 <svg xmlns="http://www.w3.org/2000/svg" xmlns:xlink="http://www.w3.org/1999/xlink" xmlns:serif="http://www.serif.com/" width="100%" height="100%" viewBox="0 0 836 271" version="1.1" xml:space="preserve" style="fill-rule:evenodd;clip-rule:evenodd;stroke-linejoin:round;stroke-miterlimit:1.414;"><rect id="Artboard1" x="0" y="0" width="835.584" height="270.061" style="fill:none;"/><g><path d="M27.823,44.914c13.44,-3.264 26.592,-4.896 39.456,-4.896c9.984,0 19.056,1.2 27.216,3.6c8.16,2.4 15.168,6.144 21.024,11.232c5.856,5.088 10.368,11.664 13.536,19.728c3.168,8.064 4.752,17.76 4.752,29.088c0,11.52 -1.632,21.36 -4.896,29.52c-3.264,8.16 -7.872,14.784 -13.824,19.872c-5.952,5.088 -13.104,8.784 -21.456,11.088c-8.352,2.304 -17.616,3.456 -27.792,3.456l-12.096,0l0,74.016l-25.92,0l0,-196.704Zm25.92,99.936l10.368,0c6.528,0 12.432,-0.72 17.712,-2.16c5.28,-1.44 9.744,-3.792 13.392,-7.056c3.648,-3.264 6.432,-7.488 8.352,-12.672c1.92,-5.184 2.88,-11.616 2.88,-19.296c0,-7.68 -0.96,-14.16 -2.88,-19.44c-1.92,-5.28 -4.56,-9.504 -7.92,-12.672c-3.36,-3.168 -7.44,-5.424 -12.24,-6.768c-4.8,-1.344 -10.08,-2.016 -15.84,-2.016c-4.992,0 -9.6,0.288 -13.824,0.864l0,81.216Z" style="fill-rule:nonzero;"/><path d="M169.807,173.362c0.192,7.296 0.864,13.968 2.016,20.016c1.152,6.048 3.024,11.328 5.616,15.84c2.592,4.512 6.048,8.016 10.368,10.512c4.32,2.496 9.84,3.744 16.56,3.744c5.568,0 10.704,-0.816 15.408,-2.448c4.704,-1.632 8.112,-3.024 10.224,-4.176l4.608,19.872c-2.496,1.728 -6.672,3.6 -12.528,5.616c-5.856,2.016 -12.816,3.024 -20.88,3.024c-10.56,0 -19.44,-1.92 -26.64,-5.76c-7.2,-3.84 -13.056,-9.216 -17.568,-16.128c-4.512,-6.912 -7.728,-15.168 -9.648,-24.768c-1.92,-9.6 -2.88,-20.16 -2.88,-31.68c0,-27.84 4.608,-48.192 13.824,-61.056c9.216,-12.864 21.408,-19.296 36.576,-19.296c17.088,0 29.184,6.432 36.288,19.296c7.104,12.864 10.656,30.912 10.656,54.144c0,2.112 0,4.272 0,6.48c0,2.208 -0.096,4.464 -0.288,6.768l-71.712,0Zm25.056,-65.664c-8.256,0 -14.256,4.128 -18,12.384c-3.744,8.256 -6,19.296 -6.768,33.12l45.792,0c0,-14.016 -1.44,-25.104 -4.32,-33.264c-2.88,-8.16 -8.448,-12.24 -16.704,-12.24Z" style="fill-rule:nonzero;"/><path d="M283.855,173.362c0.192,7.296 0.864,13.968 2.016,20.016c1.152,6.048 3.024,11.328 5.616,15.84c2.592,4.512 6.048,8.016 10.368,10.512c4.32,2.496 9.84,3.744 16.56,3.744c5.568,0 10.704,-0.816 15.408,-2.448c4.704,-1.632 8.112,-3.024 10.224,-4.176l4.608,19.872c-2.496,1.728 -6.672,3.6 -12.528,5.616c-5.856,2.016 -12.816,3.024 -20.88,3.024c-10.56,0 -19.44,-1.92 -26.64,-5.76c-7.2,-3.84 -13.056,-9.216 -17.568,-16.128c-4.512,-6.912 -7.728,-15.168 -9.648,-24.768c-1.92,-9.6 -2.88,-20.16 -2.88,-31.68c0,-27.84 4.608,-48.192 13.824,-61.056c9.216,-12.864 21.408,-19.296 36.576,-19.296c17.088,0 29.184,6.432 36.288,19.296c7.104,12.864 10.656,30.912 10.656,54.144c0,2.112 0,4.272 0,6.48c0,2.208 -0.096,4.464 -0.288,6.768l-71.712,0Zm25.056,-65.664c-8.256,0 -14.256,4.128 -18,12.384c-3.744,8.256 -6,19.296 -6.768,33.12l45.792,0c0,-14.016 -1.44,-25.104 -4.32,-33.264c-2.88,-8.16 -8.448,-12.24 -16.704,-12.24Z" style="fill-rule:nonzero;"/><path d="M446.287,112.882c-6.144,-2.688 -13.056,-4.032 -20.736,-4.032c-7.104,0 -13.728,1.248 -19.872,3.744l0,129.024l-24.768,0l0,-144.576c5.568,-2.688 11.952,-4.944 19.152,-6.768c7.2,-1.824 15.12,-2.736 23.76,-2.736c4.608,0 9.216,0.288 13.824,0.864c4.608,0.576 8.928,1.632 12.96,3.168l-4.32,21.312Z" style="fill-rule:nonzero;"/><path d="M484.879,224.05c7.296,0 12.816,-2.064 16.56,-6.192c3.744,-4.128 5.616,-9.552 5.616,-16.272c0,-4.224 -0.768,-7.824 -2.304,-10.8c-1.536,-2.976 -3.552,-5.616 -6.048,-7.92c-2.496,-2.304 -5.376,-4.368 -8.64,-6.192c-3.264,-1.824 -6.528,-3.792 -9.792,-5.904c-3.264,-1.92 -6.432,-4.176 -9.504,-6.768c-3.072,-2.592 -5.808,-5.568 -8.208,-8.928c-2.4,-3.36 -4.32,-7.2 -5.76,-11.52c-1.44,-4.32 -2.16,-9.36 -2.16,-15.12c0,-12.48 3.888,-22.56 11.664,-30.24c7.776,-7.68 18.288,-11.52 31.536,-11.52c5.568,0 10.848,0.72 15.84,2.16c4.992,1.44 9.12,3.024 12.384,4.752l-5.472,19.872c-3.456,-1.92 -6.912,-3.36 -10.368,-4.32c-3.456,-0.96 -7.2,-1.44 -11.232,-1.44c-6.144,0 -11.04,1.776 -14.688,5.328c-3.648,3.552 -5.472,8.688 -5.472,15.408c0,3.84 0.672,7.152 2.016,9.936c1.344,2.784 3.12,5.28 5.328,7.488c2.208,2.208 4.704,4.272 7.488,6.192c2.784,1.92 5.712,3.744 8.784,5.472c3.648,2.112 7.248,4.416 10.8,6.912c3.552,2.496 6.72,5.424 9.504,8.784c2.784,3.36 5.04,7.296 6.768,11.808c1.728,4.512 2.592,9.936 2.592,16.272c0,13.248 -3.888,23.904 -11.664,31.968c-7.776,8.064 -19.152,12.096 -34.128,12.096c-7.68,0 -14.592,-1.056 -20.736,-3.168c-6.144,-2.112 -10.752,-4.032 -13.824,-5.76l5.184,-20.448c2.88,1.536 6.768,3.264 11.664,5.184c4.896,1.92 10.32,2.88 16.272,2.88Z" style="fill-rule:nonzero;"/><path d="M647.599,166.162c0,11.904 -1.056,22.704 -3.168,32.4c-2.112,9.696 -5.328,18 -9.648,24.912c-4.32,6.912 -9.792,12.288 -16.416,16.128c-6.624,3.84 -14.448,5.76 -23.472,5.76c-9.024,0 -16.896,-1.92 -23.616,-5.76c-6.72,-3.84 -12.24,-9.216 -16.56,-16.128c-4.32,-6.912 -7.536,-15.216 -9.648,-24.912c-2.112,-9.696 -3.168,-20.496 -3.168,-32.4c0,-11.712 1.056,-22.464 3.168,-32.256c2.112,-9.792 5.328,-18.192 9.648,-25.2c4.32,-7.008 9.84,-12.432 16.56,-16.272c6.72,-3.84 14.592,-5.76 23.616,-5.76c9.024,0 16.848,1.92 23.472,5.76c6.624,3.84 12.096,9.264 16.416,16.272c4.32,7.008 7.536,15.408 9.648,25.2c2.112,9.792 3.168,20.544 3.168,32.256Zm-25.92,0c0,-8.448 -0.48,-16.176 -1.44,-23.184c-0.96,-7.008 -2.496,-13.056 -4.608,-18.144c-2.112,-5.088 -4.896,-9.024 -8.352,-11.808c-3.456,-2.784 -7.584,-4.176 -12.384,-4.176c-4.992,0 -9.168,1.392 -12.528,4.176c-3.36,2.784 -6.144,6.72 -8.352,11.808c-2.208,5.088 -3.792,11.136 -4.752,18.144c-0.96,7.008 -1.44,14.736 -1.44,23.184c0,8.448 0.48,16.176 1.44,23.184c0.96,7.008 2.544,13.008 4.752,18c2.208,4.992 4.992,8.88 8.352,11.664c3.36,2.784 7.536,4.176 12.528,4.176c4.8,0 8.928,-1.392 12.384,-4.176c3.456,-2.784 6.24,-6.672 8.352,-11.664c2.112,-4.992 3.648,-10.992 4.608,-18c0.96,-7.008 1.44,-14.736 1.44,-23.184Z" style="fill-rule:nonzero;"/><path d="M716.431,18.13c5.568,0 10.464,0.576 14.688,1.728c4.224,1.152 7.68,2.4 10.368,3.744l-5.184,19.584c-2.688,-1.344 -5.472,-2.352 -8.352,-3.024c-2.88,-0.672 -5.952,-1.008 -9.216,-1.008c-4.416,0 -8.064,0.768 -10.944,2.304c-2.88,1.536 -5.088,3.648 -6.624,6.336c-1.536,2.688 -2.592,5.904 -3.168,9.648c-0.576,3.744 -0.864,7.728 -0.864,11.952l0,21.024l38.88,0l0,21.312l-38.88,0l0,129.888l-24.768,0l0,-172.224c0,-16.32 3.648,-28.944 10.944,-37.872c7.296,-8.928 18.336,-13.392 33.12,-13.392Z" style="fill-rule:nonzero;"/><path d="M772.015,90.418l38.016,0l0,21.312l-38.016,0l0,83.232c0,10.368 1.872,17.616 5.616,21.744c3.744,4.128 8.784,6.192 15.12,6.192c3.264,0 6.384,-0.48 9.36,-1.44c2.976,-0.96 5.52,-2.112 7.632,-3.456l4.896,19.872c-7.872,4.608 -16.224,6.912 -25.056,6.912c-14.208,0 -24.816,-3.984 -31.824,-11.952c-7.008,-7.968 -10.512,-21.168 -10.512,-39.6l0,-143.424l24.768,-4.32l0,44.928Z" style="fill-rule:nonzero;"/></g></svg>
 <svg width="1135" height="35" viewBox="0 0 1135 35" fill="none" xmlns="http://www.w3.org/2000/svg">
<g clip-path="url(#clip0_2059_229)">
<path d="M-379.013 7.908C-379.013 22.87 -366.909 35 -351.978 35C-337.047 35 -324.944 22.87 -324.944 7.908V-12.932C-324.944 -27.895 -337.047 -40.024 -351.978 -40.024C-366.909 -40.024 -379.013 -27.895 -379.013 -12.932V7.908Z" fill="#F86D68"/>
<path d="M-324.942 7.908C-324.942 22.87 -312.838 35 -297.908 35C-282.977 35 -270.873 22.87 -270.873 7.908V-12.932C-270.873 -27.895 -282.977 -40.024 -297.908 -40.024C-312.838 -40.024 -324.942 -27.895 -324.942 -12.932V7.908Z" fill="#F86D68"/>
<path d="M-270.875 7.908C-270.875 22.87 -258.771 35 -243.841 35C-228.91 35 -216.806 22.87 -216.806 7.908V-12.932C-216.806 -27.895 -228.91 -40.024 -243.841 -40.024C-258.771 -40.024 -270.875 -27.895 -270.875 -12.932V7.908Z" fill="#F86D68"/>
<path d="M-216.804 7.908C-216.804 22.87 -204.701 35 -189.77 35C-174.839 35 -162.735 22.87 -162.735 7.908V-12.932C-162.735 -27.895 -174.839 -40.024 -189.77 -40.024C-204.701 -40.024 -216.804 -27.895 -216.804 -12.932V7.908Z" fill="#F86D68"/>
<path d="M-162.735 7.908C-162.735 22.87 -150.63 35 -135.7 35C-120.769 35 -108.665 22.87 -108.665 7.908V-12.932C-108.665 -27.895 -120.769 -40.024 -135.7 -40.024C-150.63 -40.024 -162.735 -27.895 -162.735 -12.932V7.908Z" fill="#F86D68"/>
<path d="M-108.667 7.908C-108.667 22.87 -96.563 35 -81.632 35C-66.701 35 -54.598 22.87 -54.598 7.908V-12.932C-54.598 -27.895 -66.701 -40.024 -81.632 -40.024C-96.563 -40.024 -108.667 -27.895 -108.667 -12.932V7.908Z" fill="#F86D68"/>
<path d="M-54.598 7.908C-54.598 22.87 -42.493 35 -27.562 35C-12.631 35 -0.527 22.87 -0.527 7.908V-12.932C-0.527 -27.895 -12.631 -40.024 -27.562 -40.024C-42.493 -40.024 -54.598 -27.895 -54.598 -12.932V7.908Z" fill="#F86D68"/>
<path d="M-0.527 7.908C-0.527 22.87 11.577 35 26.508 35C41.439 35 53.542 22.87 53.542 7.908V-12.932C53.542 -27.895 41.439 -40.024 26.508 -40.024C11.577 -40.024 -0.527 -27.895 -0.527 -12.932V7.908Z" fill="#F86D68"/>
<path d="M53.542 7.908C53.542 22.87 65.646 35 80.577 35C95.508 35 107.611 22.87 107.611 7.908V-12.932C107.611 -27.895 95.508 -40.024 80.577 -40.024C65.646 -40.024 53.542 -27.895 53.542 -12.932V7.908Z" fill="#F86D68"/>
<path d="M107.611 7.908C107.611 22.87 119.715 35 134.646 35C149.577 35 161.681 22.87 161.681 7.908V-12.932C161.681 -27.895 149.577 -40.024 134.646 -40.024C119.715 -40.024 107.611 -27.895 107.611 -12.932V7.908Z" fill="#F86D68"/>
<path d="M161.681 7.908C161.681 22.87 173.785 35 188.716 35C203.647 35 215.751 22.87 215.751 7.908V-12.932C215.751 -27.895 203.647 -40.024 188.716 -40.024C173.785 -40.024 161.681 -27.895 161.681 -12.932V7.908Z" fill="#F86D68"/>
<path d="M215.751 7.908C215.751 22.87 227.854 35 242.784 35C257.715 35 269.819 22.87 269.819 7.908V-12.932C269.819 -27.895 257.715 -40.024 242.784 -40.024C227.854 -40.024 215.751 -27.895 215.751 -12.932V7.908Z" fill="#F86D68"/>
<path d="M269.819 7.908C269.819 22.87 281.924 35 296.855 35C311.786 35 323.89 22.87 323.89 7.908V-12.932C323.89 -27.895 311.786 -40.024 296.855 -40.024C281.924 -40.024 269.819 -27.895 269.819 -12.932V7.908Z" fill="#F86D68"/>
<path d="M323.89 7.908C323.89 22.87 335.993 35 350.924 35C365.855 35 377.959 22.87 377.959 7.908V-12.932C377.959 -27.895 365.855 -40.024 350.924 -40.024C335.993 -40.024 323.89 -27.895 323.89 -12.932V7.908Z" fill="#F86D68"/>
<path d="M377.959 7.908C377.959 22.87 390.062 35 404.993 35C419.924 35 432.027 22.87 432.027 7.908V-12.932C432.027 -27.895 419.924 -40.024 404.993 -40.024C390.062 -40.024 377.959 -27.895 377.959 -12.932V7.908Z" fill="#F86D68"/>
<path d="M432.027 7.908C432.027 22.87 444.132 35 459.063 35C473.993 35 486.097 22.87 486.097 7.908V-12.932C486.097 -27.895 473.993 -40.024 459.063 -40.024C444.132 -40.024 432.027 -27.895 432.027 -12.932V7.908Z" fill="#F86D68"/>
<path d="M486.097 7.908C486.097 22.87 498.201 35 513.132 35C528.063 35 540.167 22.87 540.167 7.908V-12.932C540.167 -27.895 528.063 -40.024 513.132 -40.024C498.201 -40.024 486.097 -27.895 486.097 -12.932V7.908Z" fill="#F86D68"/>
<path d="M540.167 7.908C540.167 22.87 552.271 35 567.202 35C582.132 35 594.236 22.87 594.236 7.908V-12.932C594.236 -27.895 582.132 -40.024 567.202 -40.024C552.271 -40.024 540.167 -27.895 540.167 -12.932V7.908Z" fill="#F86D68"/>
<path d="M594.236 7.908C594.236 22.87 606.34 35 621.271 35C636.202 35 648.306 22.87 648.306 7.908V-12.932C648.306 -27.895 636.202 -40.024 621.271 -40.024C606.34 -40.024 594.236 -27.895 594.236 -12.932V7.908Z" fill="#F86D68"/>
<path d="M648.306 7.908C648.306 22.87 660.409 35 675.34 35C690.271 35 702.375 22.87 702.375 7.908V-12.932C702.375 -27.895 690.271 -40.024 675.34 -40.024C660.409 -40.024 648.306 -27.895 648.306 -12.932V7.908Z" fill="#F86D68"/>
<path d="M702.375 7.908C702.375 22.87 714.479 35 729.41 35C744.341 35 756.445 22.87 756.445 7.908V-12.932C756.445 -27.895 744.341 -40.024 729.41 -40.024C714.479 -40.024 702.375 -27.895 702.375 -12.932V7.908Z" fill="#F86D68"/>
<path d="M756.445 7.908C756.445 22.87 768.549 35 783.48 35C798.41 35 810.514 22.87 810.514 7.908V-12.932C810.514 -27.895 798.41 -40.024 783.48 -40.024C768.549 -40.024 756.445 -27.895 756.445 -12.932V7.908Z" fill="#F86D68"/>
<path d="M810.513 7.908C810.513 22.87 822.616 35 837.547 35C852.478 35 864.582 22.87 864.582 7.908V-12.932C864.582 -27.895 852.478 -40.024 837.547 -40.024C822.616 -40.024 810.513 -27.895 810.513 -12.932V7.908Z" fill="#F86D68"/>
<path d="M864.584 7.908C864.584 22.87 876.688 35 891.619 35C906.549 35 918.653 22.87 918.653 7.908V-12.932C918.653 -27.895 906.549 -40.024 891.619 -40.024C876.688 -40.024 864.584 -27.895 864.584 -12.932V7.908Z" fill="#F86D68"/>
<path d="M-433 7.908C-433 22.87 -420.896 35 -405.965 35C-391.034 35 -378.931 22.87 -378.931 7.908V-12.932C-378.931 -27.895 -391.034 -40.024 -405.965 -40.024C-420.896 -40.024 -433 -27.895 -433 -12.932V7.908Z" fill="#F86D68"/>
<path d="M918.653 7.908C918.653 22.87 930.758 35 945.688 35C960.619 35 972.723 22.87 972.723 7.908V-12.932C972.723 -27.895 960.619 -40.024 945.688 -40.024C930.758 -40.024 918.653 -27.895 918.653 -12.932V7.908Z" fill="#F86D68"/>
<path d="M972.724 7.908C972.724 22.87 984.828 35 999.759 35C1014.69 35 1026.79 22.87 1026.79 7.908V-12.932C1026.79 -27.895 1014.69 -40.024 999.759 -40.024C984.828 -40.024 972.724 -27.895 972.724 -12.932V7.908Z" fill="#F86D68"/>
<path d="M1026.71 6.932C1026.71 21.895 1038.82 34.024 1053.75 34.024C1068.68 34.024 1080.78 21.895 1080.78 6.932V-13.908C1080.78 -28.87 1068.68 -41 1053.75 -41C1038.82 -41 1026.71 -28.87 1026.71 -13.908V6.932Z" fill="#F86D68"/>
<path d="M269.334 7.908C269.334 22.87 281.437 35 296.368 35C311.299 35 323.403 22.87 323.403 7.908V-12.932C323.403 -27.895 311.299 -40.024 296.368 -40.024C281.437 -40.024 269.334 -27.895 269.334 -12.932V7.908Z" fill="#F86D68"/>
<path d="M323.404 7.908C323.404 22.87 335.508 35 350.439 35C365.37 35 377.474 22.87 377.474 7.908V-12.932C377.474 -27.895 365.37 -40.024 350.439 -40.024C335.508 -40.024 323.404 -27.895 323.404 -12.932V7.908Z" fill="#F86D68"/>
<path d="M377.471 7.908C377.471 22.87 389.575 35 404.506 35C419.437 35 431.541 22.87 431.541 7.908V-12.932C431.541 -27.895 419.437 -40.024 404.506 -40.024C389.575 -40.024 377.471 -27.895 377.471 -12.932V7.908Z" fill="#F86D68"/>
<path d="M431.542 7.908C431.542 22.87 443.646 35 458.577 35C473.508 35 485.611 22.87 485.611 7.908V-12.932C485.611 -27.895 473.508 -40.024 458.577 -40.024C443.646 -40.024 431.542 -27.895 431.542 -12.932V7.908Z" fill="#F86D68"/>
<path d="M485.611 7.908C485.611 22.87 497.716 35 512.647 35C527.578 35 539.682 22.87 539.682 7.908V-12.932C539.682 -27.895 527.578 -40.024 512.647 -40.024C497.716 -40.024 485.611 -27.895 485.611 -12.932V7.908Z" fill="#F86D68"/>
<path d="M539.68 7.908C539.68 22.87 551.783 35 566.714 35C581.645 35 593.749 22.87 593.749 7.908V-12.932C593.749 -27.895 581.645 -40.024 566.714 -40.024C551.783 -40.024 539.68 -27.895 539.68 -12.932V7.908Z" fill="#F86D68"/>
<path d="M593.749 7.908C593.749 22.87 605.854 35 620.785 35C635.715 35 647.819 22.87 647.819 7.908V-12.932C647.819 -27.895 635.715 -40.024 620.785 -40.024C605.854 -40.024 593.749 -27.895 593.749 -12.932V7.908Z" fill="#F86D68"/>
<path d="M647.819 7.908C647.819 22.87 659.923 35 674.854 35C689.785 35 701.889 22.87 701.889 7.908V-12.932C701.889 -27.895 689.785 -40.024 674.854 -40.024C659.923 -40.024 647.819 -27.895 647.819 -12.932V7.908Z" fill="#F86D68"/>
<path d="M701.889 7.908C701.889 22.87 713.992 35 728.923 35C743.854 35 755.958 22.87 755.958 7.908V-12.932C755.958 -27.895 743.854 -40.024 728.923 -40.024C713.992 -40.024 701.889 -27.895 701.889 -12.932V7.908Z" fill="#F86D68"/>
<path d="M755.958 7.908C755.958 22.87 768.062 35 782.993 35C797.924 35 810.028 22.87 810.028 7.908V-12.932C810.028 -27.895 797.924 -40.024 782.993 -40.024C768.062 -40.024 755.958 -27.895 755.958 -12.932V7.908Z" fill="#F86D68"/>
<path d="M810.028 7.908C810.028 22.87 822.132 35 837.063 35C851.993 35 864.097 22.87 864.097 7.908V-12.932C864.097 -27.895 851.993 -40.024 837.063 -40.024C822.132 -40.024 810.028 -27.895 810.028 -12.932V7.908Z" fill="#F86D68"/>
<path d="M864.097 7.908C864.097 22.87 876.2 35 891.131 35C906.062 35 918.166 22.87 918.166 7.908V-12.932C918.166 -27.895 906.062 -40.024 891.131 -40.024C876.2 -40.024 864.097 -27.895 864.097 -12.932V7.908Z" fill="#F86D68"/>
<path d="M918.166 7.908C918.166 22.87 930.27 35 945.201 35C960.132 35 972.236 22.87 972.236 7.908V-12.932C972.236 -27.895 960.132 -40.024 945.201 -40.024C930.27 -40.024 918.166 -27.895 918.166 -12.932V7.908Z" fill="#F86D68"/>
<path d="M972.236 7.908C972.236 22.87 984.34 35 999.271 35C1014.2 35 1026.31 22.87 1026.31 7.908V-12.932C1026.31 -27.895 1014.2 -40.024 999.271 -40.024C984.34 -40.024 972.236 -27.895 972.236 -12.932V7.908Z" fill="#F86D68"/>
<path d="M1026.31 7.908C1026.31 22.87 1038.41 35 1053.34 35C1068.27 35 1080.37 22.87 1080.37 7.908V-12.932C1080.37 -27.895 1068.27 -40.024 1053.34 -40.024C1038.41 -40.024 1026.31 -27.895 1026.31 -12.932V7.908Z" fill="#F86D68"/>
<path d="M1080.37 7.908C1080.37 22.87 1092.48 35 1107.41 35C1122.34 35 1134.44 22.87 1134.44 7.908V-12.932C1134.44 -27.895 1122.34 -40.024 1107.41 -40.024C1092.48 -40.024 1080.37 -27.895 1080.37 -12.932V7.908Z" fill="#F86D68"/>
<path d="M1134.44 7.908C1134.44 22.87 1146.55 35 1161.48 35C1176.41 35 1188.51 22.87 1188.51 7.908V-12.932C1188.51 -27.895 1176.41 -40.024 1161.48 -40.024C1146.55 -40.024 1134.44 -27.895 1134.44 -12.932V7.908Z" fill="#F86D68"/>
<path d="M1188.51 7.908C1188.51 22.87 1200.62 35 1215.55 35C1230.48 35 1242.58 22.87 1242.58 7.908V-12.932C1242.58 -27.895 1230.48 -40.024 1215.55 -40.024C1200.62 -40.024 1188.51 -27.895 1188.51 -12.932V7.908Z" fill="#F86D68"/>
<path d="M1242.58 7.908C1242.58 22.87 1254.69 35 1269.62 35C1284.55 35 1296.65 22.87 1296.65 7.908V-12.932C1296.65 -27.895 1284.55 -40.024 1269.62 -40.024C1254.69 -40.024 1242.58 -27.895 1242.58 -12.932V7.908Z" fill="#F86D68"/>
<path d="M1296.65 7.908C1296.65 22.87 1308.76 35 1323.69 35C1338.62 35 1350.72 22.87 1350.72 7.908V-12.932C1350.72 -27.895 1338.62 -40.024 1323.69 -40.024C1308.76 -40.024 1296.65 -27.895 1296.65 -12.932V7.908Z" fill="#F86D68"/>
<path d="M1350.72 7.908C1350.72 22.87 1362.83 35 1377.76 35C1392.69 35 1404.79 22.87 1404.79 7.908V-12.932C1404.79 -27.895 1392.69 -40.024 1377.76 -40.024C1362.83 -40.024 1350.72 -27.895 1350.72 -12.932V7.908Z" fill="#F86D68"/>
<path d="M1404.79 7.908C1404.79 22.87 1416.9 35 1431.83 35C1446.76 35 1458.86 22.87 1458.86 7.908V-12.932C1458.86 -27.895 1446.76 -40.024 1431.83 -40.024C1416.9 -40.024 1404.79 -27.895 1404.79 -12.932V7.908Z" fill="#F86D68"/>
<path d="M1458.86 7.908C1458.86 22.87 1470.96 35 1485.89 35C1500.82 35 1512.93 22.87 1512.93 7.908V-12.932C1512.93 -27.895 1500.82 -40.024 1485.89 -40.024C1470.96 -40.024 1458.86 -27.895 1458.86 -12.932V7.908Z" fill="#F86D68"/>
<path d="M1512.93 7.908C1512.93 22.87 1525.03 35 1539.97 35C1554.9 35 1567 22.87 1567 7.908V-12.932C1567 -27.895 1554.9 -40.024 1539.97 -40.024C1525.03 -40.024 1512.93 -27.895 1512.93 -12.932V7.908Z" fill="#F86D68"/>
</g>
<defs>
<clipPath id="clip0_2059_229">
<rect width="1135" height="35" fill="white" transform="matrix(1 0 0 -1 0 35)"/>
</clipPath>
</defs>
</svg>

□ □ □ □ □

> **WHAT TO PRODUCE**
Which lines in the listing have the string "clipPath"? Pick them out and copy them.

> **ANSWER**
<clipPath id="clip0_2059_229">
</clipPath>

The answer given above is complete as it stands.